Blog Post

Resumable Online Index Rebuild

,

I have been fascinated with another new feature of the upcoming SQL Server release and so I decided to blog about it.

The new version of SQL Server (2017) introduces a very exciting feature for the DBA’s – the Resumable Online Index Rebuild.

This feature is targeting the installations that are doing regular maintenance but which maintenance windows are very limited, and sometimes there is an importance of suspending the indexes rebuild operation. Not canceling it, but suspending or pausing. Sometimes, when the system resources are suddenly needed for a more important business activity.

There have always been a need to have a different option of “everything or nothing” when doing a maintenance for the internal structures of the database, unlike for the data operations where we typically desire for every data manipulation to be successfully executed or to be rolled back entirely.

This new type of the index operation is what Microsoft is bringing in the SQL Server 2017. The Resumable Online Index Rebuild will provide you with an option of executing, suspending, resuming or aborting an online index operation.

In it’s first iteration the Resumable Online Index Rebuild is supporting Rowstore Indexes only. Boo! – I can hear thousands of voices screaming!

Since SQL Server 2014 there are very few reasons (exceptions) to store biggest tables with any other technologies besides the Columnstore.

The thing is – currently, there is only one online index rebuild operation available for the Columnstore Indexes, and I totally understand why Microsoft decided to focus on the Rowstore Indexes in this iteration.

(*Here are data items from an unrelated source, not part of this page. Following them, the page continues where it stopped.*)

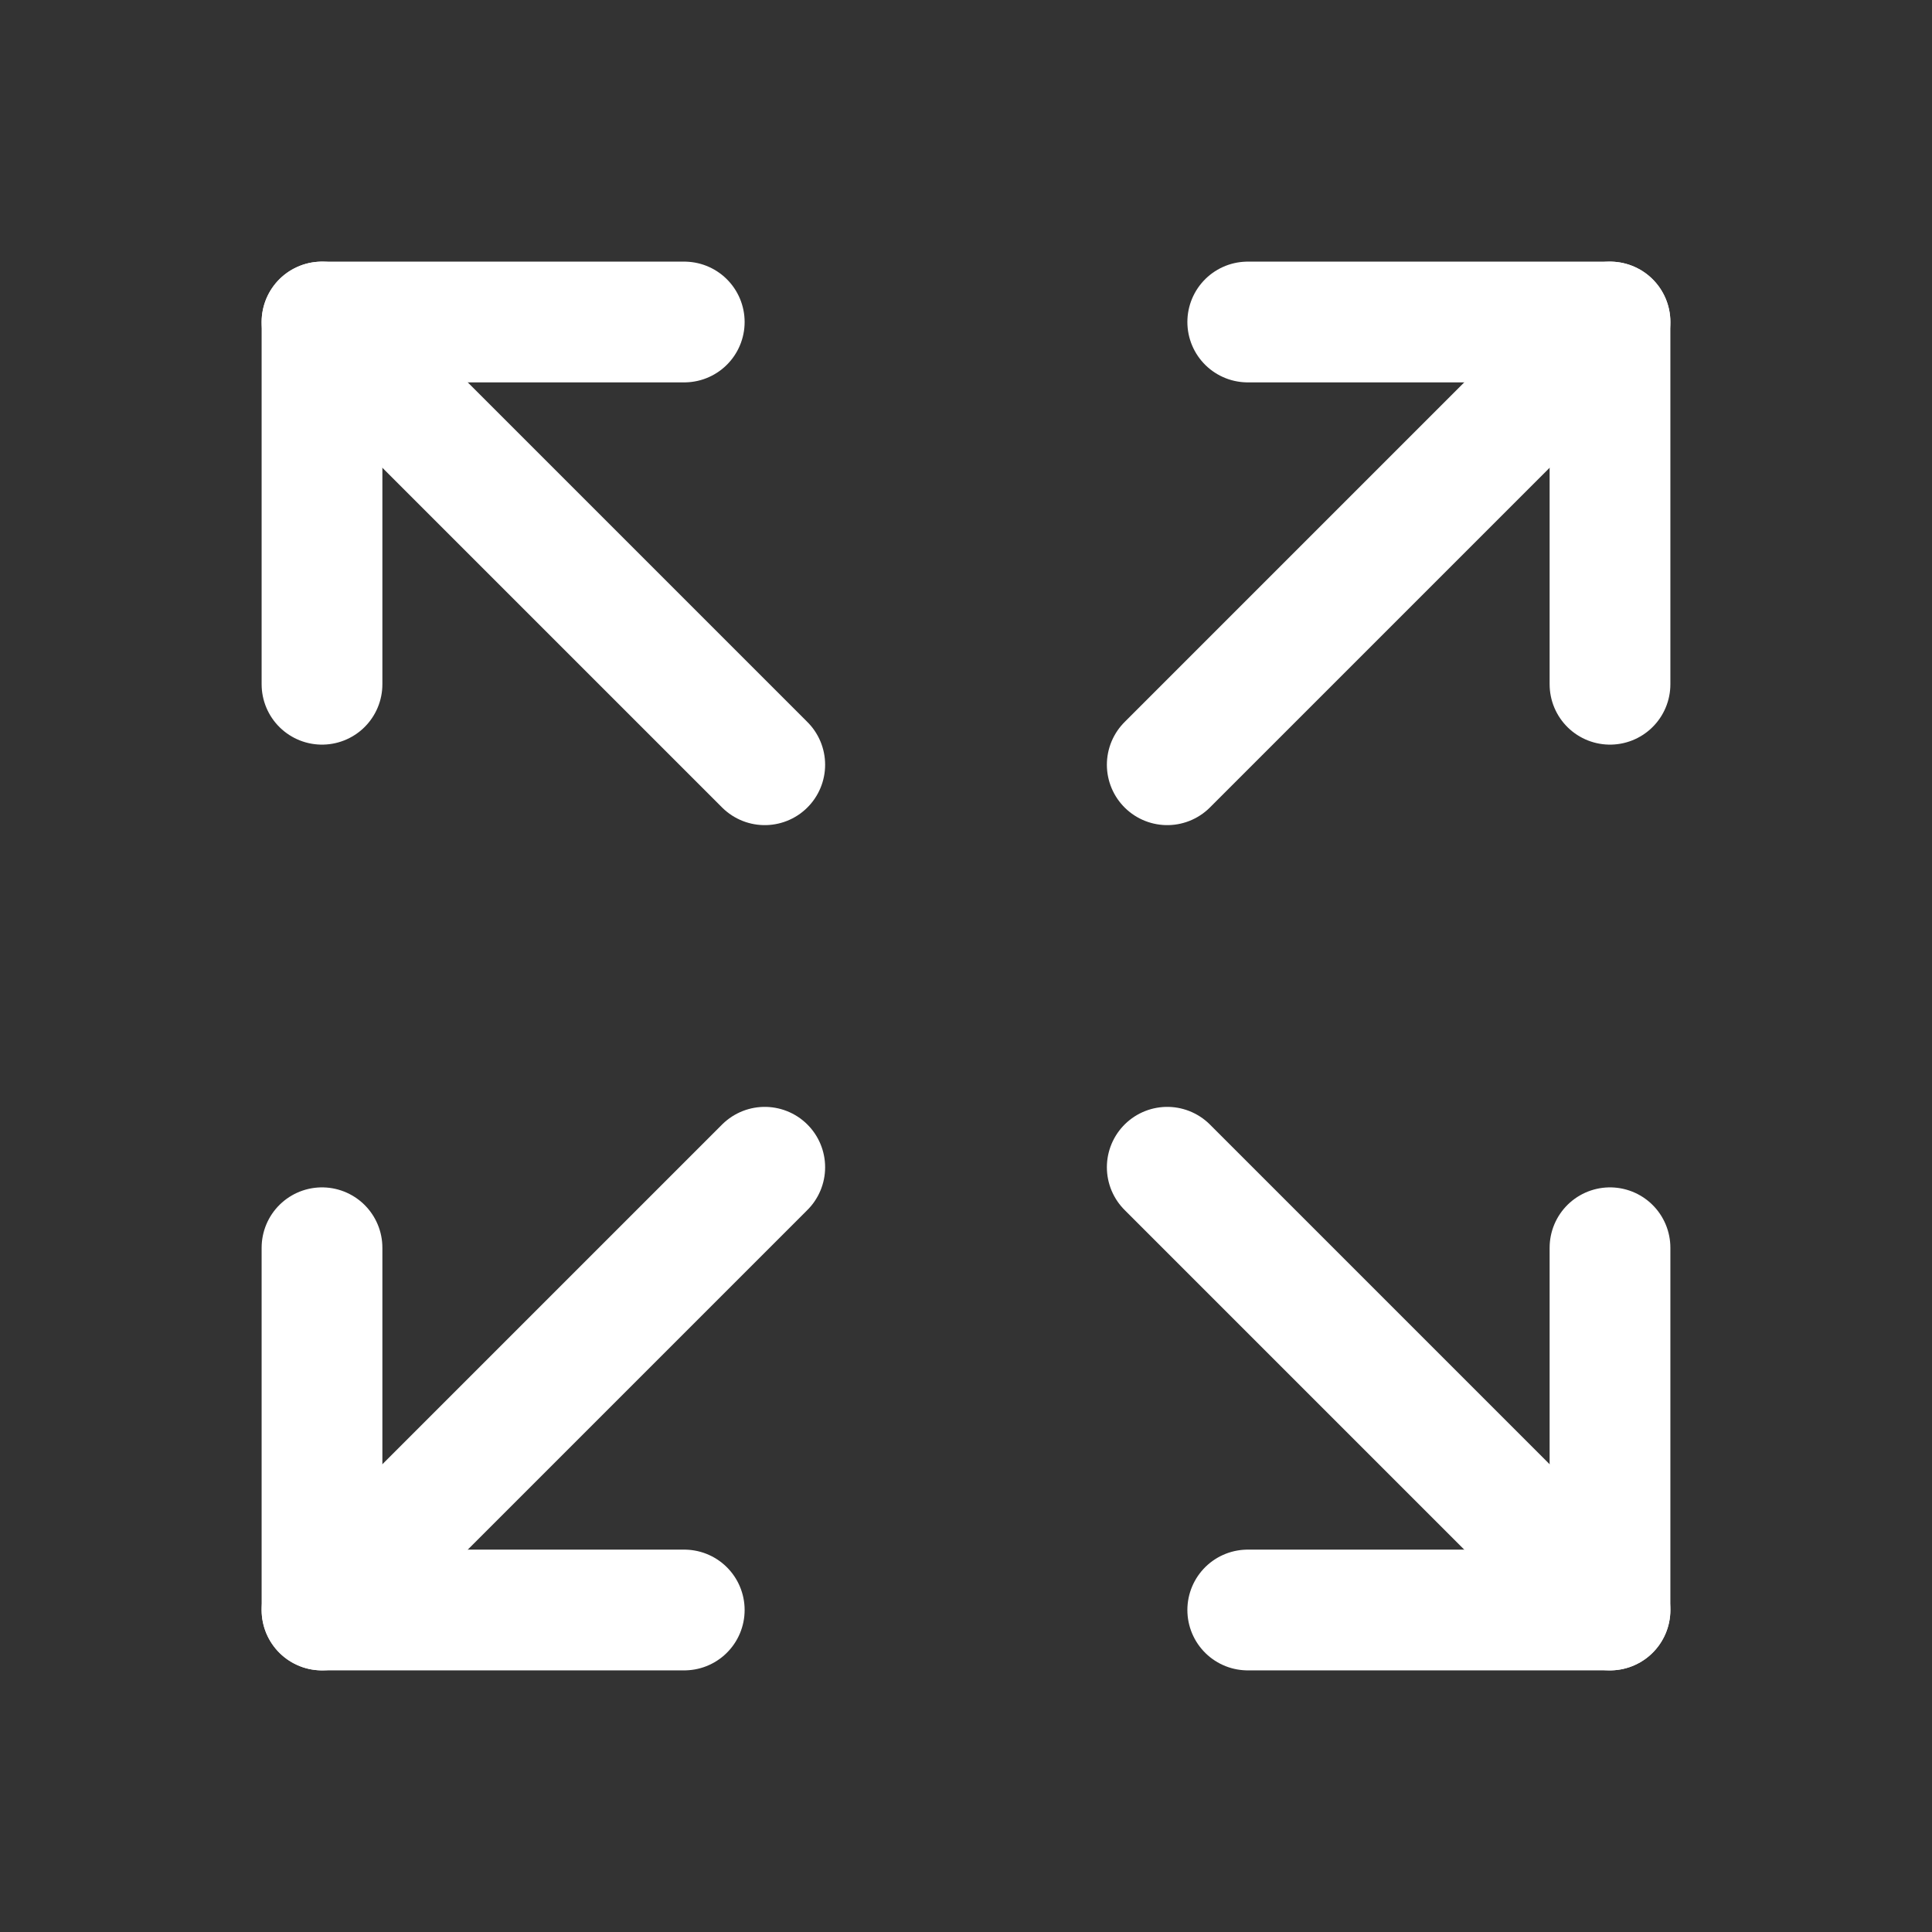 <svg width="24" height="24" viewBox="0 0 24 24" fill="none" xmlns="http://www.w3.org/2000/svg">
  <rect x="0" y="0" width="24" height="24" fill="#333333" stroke="none"/>
  <path d="M20 20L14.5 14.5" stroke="white" stroke-width="1.5" stroke-linecap="round"
    stroke-linejoin="round" />
  <path d="M9.5 9.5L4 4" stroke="white" stroke-width="1.5" stroke-linecap="round"
    stroke-linejoin="round" />
  <path d="M20 8.5V4H15.5" stroke="white" stroke-width="1.5" stroke-linecap="round"
    stroke-linejoin="round" />
  <path d="M4 15.5V20H8.5" stroke="white" stroke-width="1.5" stroke-linecap="round"
    stroke-linejoin="round" />
  <path d="M8.5 4H4V8.5" stroke="white" stroke-width="1.5" stroke-linecap="round"
    stroke-linejoin="round" />
  <path d="M15.5 20H20V15.5" stroke="white" stroke-width="1.5" stroke-linecap="round"
    stroke-linejoin="round" />
  <path d="M4 20L9.5 14.5" stroke="white" stroke-width="1.5" stroke-linecap="round"
    stroke-linejoin="round" />
  <path d="M14.5 9.5L20 4" stroke="white" stroke-width="1.5" stroke-linecap="round"
    stroke-linejoin="round" />
</svg>

The syntax for executing the Resumable Online Index Rebuild is described below:

ALTER INDEX { index_name | ALL } ON <object>
{
      REBUILD [ WITH ( <rebuild_index_option> [ ,...n ] ) ] 
 }
[ ; ]
rebuild_index_option > ::= 
{
   ….
  | ONLINE = { ON [ ( <low_priority_lock_wait> )] | OFF }   
  | RESUMABLE = { ON | OFF }
  | MAX_DURATION = <time> [MINUTES]
  | PAUSE
  | ABORT
  | …
}

there are

ONLINE (for using ROIR (Resumable Online Index Rebuild), you will have to specify this option, otherwise there is no Online operation :))

RESUMABLE (this is how you will specify that the rebuild process should be executed, with the possible values OFF (default) – when we do execute online rebuild in a good old way, and ON – where we use the new resumable build )

MAX_DURATION =

PAUSE (pauses the resumable online index rebuild (ROIR) operation)

ABORT (aborts running or paused ROIR operation)

The tests

Let’s do some test to find out how this feature behaves and for that I will use my own generated copy of the TPCH database (10GB version), that I have done with the help of the HammerDB (free software).

/* 
 * This script restores backup of the TPC-H Database from the C:\Install
 */USE [master]
if exists(select * from sys.databases where name = 'tpch')
begin
alter database [tpch]
set SINGLE_USER WITH ROLLBACK IMMEDIATE;
end
RESTORE DATABASE [tpch] 
FROM  DISK = N'C:\Install\tpch_1gb_new.bak' WITH  FILE = 1, NOUNLOAD,  STATS = 1
alter database [tpch]
    set MULTI_USER;
GO
-- SQL Server 2017
ALTER DATABASE [tpch] SET COMPATIBILITY_LEVEL = 140
GO
USE [tpch]
GO
EXEC dbo.sp_changedbowner @loginame = N'sa', @map = false
GO
USE [master]
GO
ALTER DATABASE [tpch] MODIFY FILE ( NAME = N'tpch',  FILEGROWTH = 256152KB )
GO
ALTER DATABASE [tpch] MODIFY FILE ( NAME = N'tpch_log', SIZE = 1200152KB , FILEGROWTH = 256000KB )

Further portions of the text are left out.